= Beginning of Section =
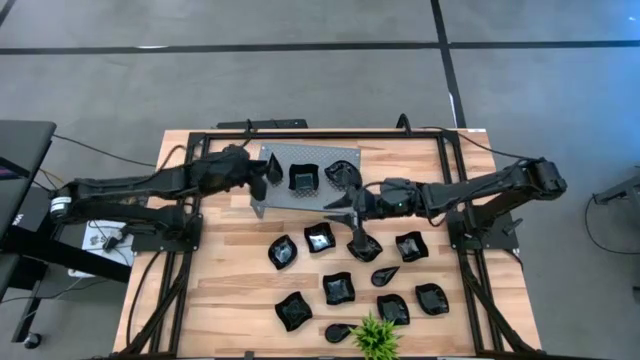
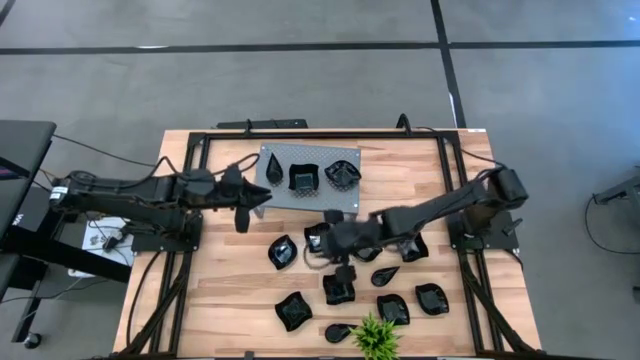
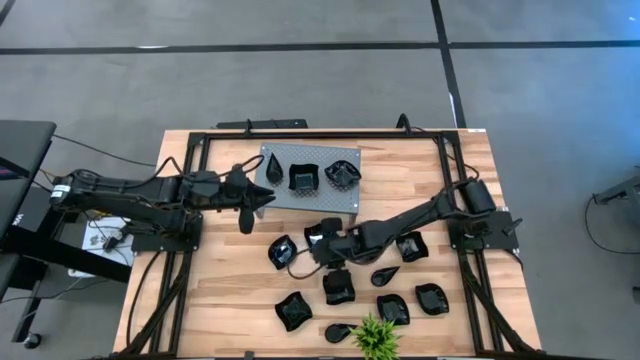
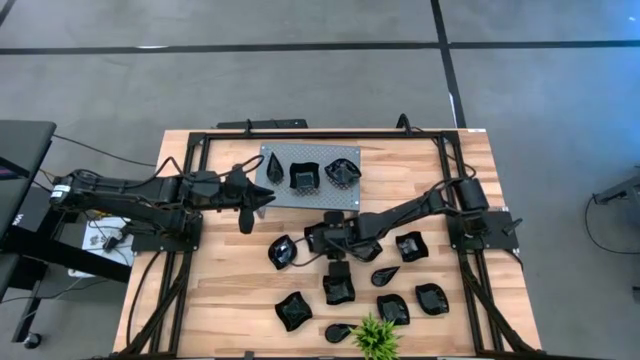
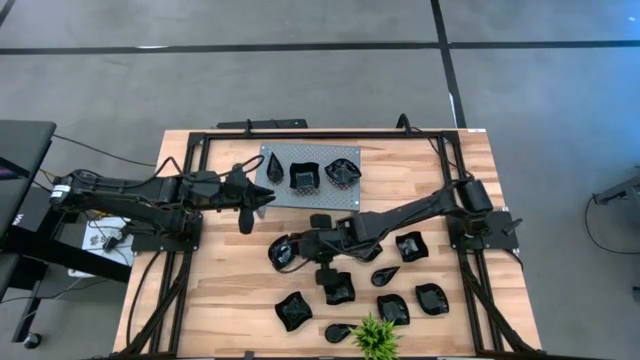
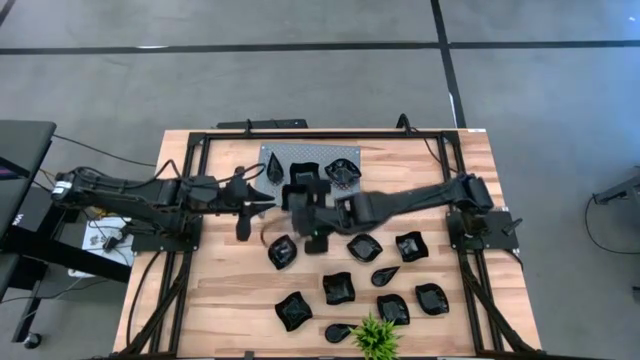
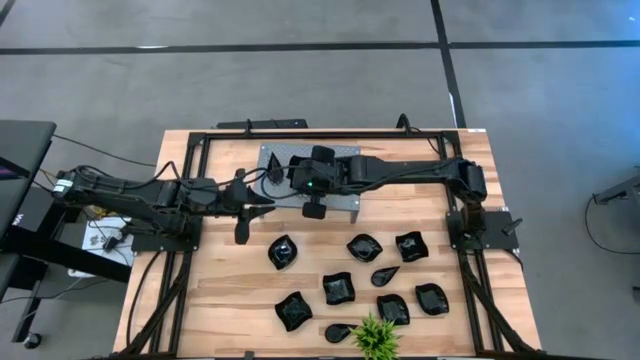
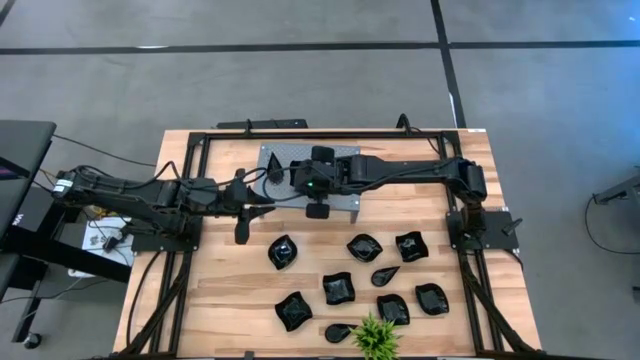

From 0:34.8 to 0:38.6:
Task: Pick & Place Mini shaped plates
Stack the black distorted square plate on top of the black distorted square plate on the shelf
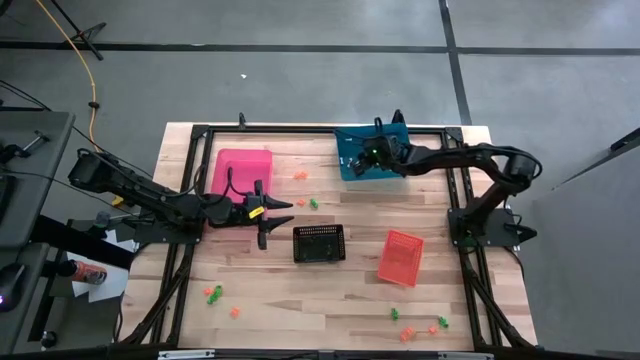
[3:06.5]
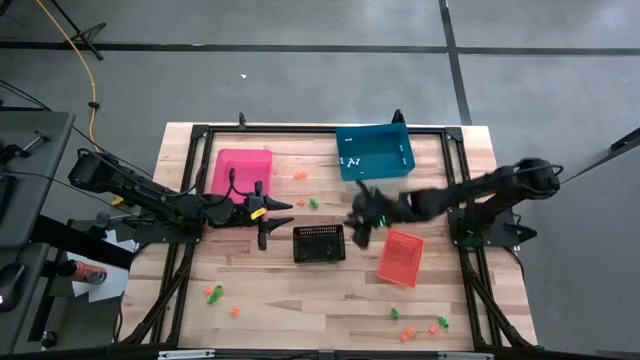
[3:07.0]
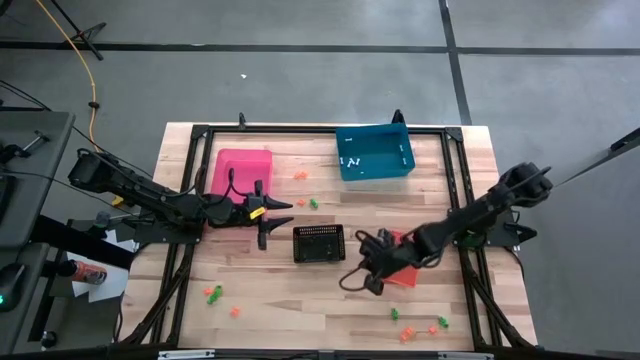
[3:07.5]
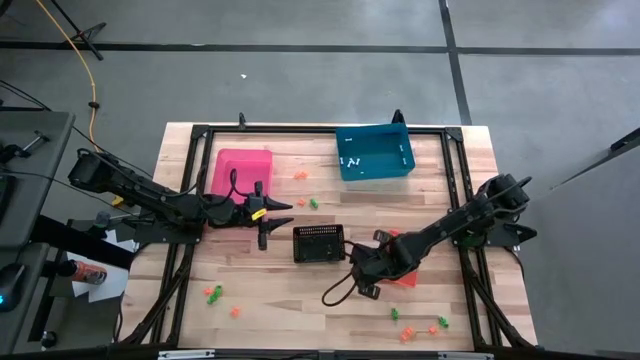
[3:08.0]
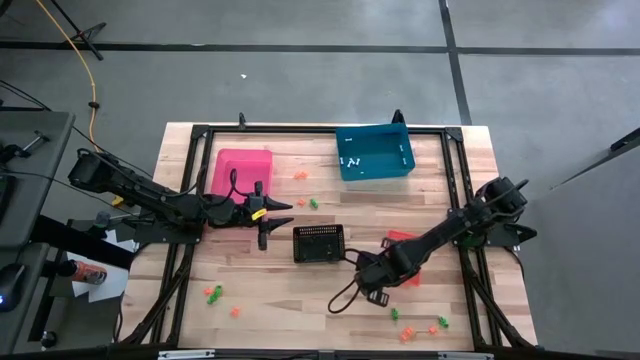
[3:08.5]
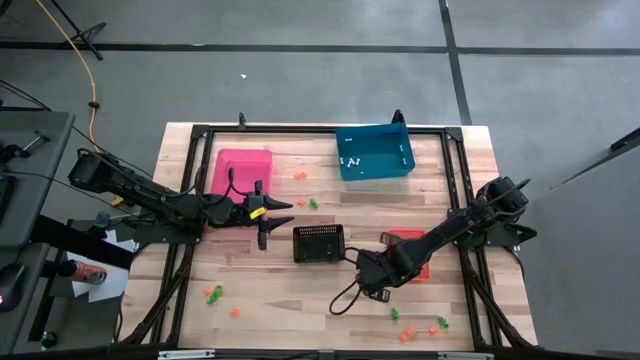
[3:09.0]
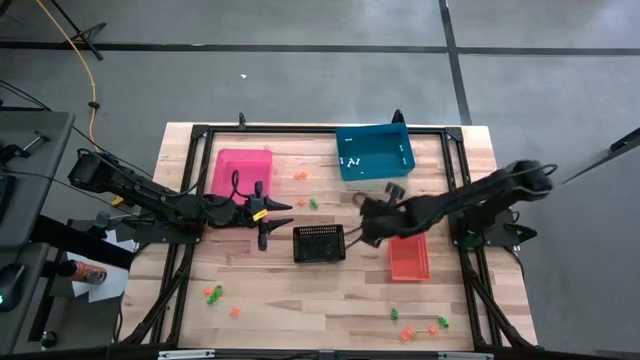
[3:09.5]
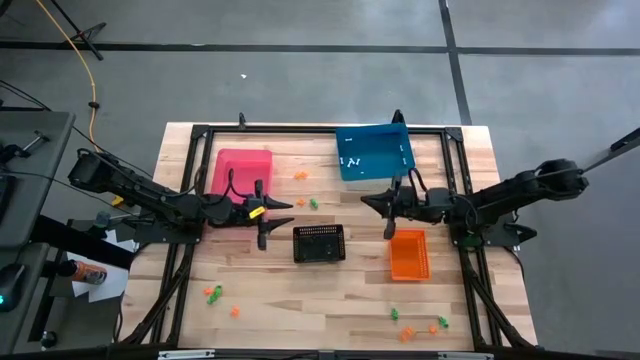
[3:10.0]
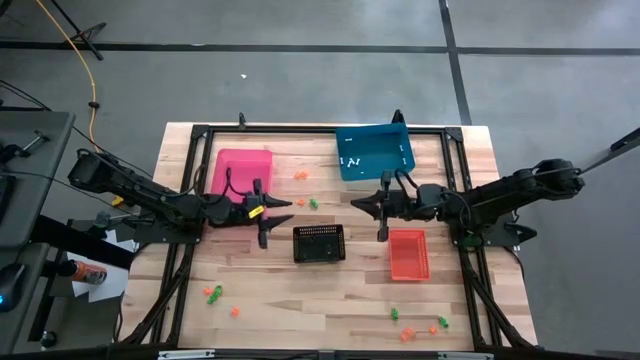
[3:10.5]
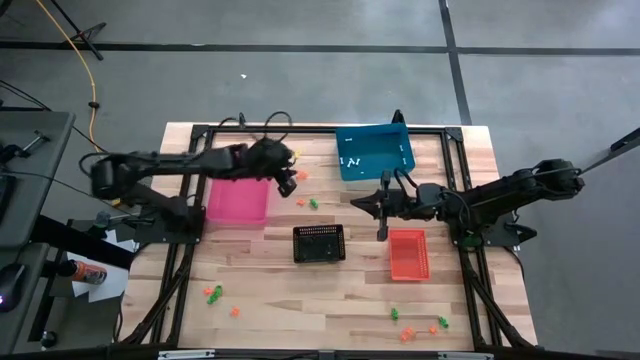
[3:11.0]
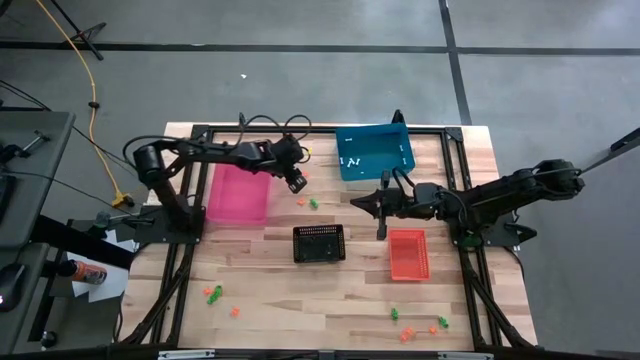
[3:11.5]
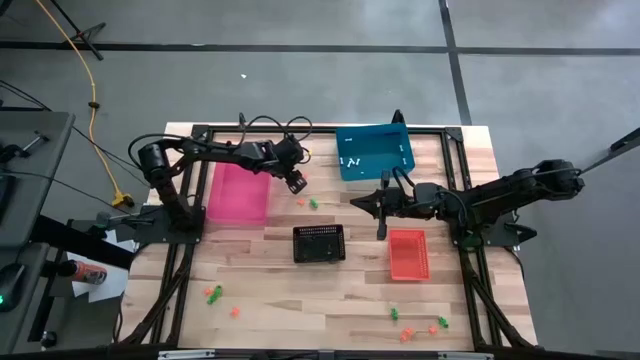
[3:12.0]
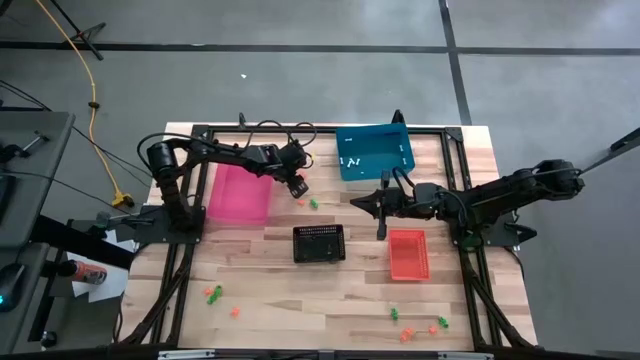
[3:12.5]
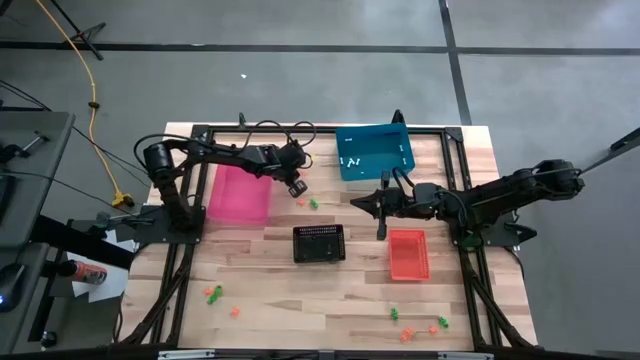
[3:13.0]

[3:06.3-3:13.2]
Task: Sort Halloween decoration
Put the orange spider toy into the pink bin
= End of Section =
#### AIM OF THE TASK
Copy the records exactly. Skip any pictures.

#### OUTPUT FOR THIS TASK
From 0:34.8 to 0:38.6:
Task: Pick & Place Mini shaped plates
Stack the black distorted square plate on top of the black distorted square plate on the shelf
[3:06.5]
[3:07.0]
[3:07.5]
[3:08.0]
[3:08.5]
[3:09.0]
[3:09.5]
[3:10.0]
[3:10.5]
[3:11.0]
[3:11.5]
[3:12.0]
[3:12.5]
[3:13.0]

[3:06.3-3:13.2]
Task: Sort Halloween decoration
Put the orange spider toy into the pink bin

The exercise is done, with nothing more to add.